В бригаде могилыциков
Ночная погрузка
Дискуссия среди медиков о Боге
Радость жизни в любви
«Свят Господь Бог наш»
«О всяком словеси, исходящем из уст Божиих, жив будет человек»
На курсовой базе и в штрафном лагпункте
Искушение на 31-м году жизни
Юрик
Пересылка в Кирове
Пересказ «Камо грядеши?»
Кратко о сути христианства
Окончание романа «Камо грядеши?»
Литургия в камере
Первый день в Хабаровском лагере
Бухта Ванино
На бессрочном поселении
Исцеление Анны
Арест 21 марта 1953 г.
Карцер
Богу все возможно
Молитвы отца Михаила
Последний шмон и освобождение

ПРИЛОЖЕНИЯ (ИЗ АРХИВА ОТЦА МИХАИЛА):
У благодатного человека и тварь благодатная
Отвергнутая благодарность
Человек!
«Знаю одного человека...»
Основные опубликованные работы протоиерея Михаила Труханова
Основные даты жизни протоиерея Михаила (Первые сорок лет жизни)

Избранное

***
Близ железнодорожной платформы Перерва (Курское направление, тогда километров 15 от Москвы) находились шесть корпусов общежития студентов. В комнате одного из них вместе с аспирантом проживал и я.
25 февраля 1941 г., примерно в половине первого ночи нас разбудил стук в дверь. Поднявшись и открыв дверь, я увидел коменданта нашего общежития (степенного, весьма порядочного человека), который сразу же обратился ко мне: «Вот, к вам пришли». Вместе с ним в комнату вошли два молодых человека, оказавшихся (когда бросили пальто) военными. Старший достал из походной сумки и зачитал мне «ордер на обыск и арест».

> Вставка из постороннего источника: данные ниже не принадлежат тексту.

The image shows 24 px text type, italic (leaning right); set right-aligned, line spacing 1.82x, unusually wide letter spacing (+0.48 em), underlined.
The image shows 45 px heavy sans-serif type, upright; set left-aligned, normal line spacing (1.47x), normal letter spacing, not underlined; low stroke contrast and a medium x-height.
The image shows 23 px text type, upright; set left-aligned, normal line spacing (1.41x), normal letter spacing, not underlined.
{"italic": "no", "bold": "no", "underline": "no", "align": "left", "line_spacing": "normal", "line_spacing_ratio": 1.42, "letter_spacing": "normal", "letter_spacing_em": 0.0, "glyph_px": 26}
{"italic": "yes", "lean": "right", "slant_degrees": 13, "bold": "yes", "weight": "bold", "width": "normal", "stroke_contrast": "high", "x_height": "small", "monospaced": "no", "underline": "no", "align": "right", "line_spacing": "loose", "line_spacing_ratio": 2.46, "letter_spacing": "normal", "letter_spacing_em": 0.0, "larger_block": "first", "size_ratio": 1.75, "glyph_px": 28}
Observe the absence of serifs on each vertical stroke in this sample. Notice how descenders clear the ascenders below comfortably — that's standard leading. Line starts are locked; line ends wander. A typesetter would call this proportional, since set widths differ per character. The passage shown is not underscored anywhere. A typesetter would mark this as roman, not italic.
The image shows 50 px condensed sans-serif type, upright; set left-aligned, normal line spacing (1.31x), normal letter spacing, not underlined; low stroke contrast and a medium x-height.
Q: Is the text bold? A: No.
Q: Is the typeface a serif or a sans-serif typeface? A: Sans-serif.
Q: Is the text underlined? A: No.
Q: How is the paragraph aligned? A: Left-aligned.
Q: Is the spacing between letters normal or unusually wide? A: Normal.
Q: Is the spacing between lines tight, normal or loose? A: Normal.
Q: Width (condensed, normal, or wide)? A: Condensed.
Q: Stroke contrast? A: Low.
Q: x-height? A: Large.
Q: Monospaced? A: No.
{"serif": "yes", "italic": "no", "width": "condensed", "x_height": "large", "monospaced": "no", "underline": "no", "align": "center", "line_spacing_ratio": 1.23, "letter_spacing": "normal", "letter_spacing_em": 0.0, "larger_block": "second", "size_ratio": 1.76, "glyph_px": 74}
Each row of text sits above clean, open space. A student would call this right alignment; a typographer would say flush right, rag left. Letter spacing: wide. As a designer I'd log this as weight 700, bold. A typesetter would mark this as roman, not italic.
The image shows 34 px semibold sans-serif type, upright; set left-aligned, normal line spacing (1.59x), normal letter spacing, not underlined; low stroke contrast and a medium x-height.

Обыск длился до одиннадцати часов дня. Моя постель, мой портфель, тумбочка с книгами, конспек­тами, бумагами, письмами – все тщательно проверялось, прочитывались письма и конспекты. Найдено давнишнее мое прошение о благословении на монашеский постриг.

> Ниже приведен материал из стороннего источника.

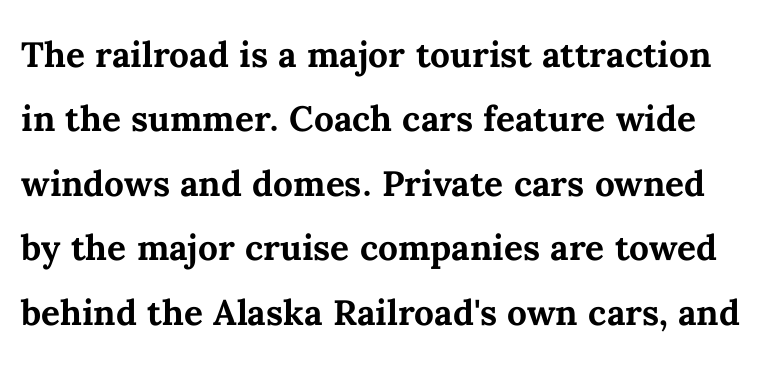
Q: Is the text bold? A: Yes.
Q: Is the text italic (slanted)? A: No, it is upright.
Q: Is the text underlined? A: No.
Q: Is the spacing between letters normal or unusually wide? A: Normal.
Q: Is the spacing between lines tight, normal or loose? A: Normal.
Q: Width (condensed, normal, or wide)? A: Normal.
Q: Stroke contrast? A: Medium.
Q: x-height? A: Medium.
Q: Monospaced? A: No.
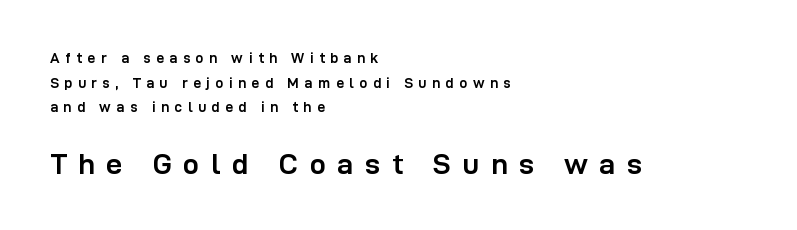
{"serif": "no", "italic": "no", "bold": "yes", "weight": "semibold", "width": "normal", "stroke_contrast": "low", "x_height": "medium", "monospaced": "no", "underline": "no", "align": "left", "line_spacing_ratio": 1.76, "letter_spacing": "wide", "letter_spacing_em": 0.4, "larger_block": "second", "size_ratio": 2.07, "glyph_px": 29}
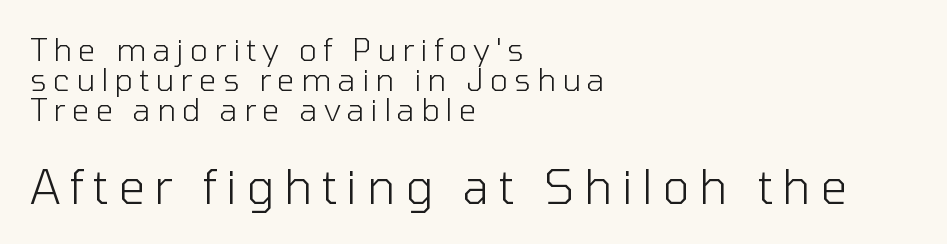
{"serif": "no", "italic": "no", "bold": "no", "weight": "light", "width": "normal", "stroke_contrast": "low", "x_height": "medium", "monospaced": "no", "underline": "no", "align": "left", "line_spacing": "tight", "line_spacing_ratio": 0.96, "letter_spacing": "wide", "letter_spacing_em": 0.2, "larger_block": "second", "size_ratio": 1.52, "glyph_px": 47}

Когда формальности с обыском были закончены, собрали изъятое у меня и положили в большую сумку.
Из корпуса меня вывели к легковой машине и привезли в Москву, на Лубянку, в тюрьму. Шмон [1], купание под душем. Около часу сидел в боксе. Затем вывели во двор, посадили в воронок [2] и привезли в Бутырскую тюрьму.
Опять шмон, мытье под душем. Сиденье в боксе более часа. Затем выход во двор, посадка в воронок и поездка на Лубянку…

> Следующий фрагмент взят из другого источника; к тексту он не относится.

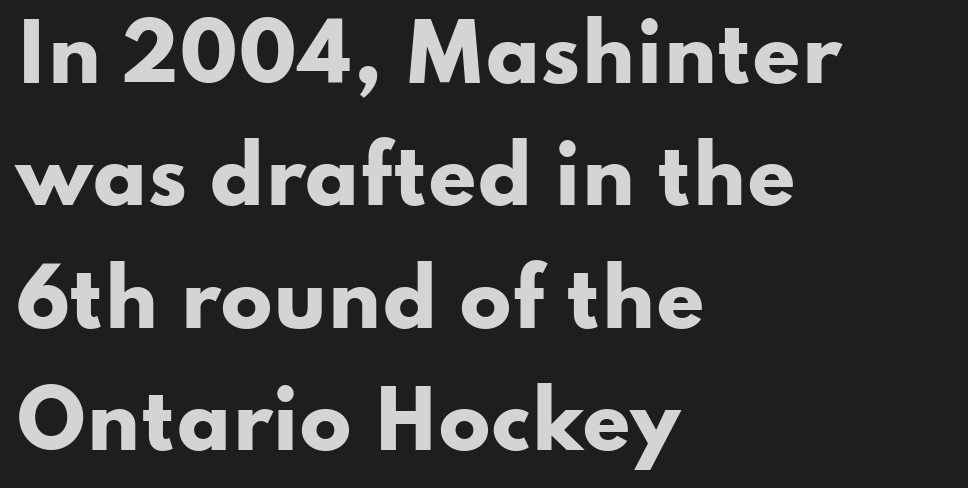
The image shows 77 px heavy, wide sans-serif type, upright; set left-aligned, normal line spacing (1.59x), normal letter spacing, not underlined; low stroke contrast and a small x-height.
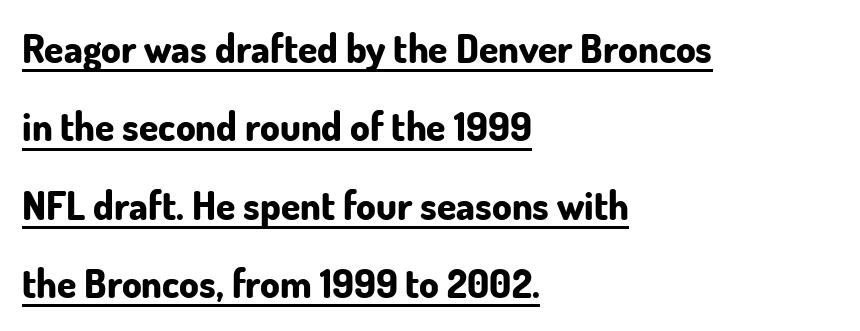
The image shows 39 px bold sans-serif type, upright; set left-aligned, loose line spacing (2.01x), normal letter spacing, underlined; low stroke contrast and a small x-height.
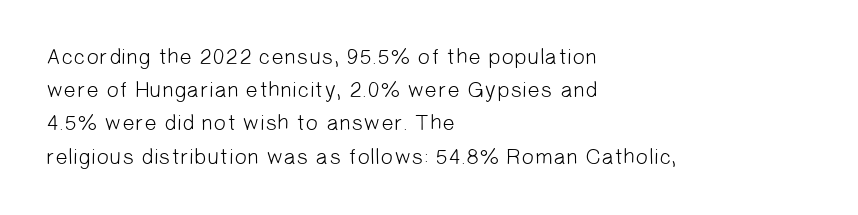
{"bold": "no", "underline": "no", "align": "left", "line_spacing": "normal", "line_spacing_ratio": 1.51, "letter_spacing": "normal", "letter_spacing_em": 0.0, "glyph_px": 22}
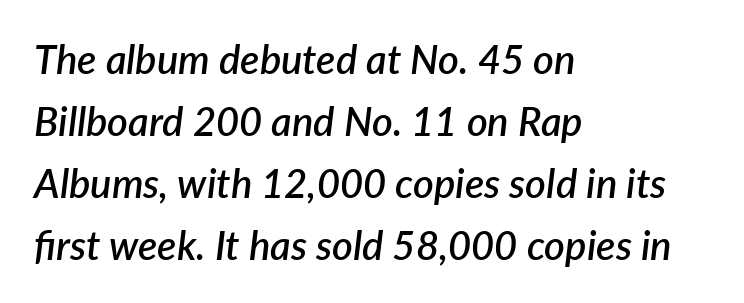
The image shows 40 px semibold type, italic (leaning right); set left-aligned, normal line spacing (1.55x), normal letter spacing, not underlined; low stroke contrast and a medium x-height.
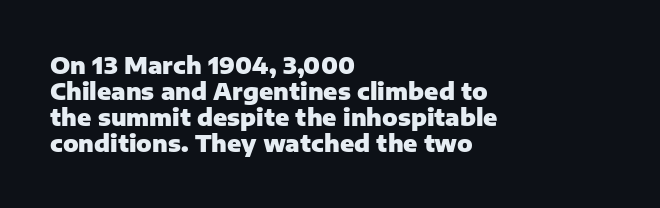
The image shows 23 px bold type, upright; set left-aligned, tight line spacing (1.13x), normal letter spacing, not underlined.
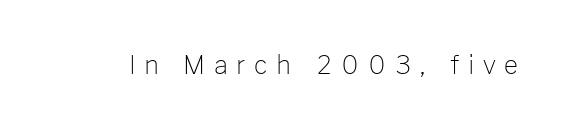
Q: Is the text bold? A: No.
Q: Is the text italic (slanted)? A: No, it is upright.
Q: Is the text underlined? A: No.
Q: Is the spacing between letters normal or unusually wide? A: Unusually wide.
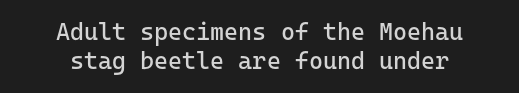
Q: Is the text bold? A: No.
Q: Is the text italic (slanted)? A: No, it is upright.
Q: Is the text underlined? A: No.
Q: How is the paragraph aligned? A: Centered.
Q: Is the spacing between letters normal or unusually wide? A: Normal.
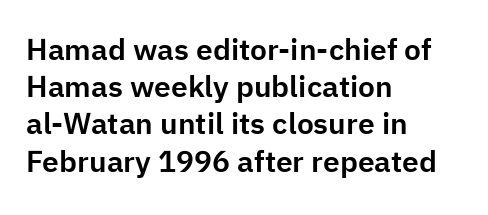
The image shows 30 px sans-serif type, upright; set left-aligned, line spacing 1.24x, normal letter spacing, not underlined; low stroke contrast and a medium x-height.
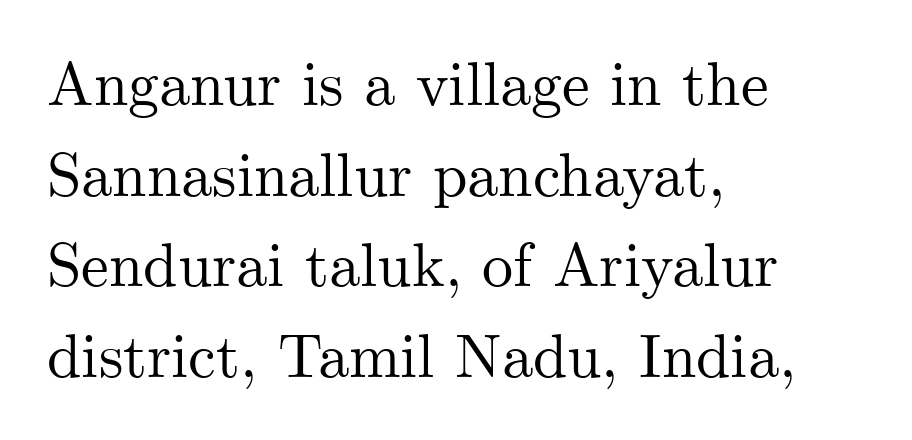
The image shows 62 px serif type, upright; set left-aligned, normal line spacing (1.46x), normal letter spacing, not underlined; medium stroke contrast and a small x-height.
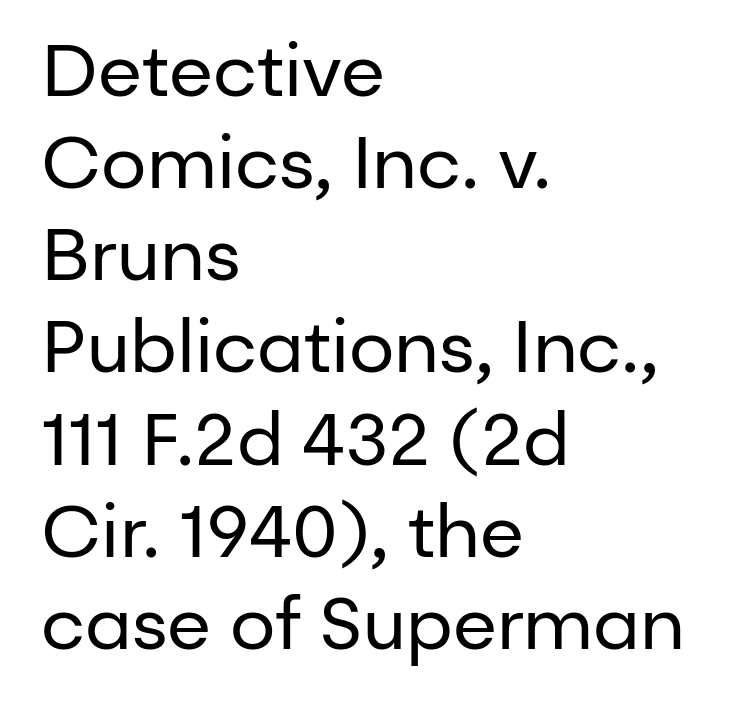
Q: Is the text bold? A: No.
Q: Is the text italic (slanted)? A: No, it is upright.
Q: Is the typeface a serif or a sans-serif typeface? A: Sans-serif.
Q: Is the text underlined? A: No.
Q: How is the paragraph aligned? A: Left-aligned.
Q: Is the spacing between letters normal or unusually wide? A: Normal.
Q: Is the spacing between lines tight, normal or loose? A: Normal.
Q: Width (condensed, normal, or wide)? A: Normal.
Q: Stroke contrast? A: Low.
Q: x-height? A: Medium.
Q: Monospaced? A: No.

Здесь вновь шмон, купанье под душем. Поднимают на лифте, заводят в пустую камеру. Часа через три вновь выводят во двор и везут в Бутырку. Челночные мои поездки на воронках (из Лубянки в Бутырку, из Бутырки на Лубянку, из Лубянки в Бутырку) говорят о том, что кегебисты не сразу определили, где держать меня подследственным, где именно проводить следствие.
Еще раз шмон, опять мытье под душем, сиденье около двух часов в боксе. Наконец, третий этаж западной башни, камера 212, которая становится местом моего обитания на последующие четыре месяца.
Меня арестовали «за организацию кружка по изучению Библии».
После напряженных занятий и суеты зимней сессии – вдруг полный штиль: тишина одиночки, нару­шаемая лишь регулярными поверками, оправками, кормлениями, прогулками (20 мин), шмонами, ежедекадно душем и преимущественно ночными вызовами к следователю…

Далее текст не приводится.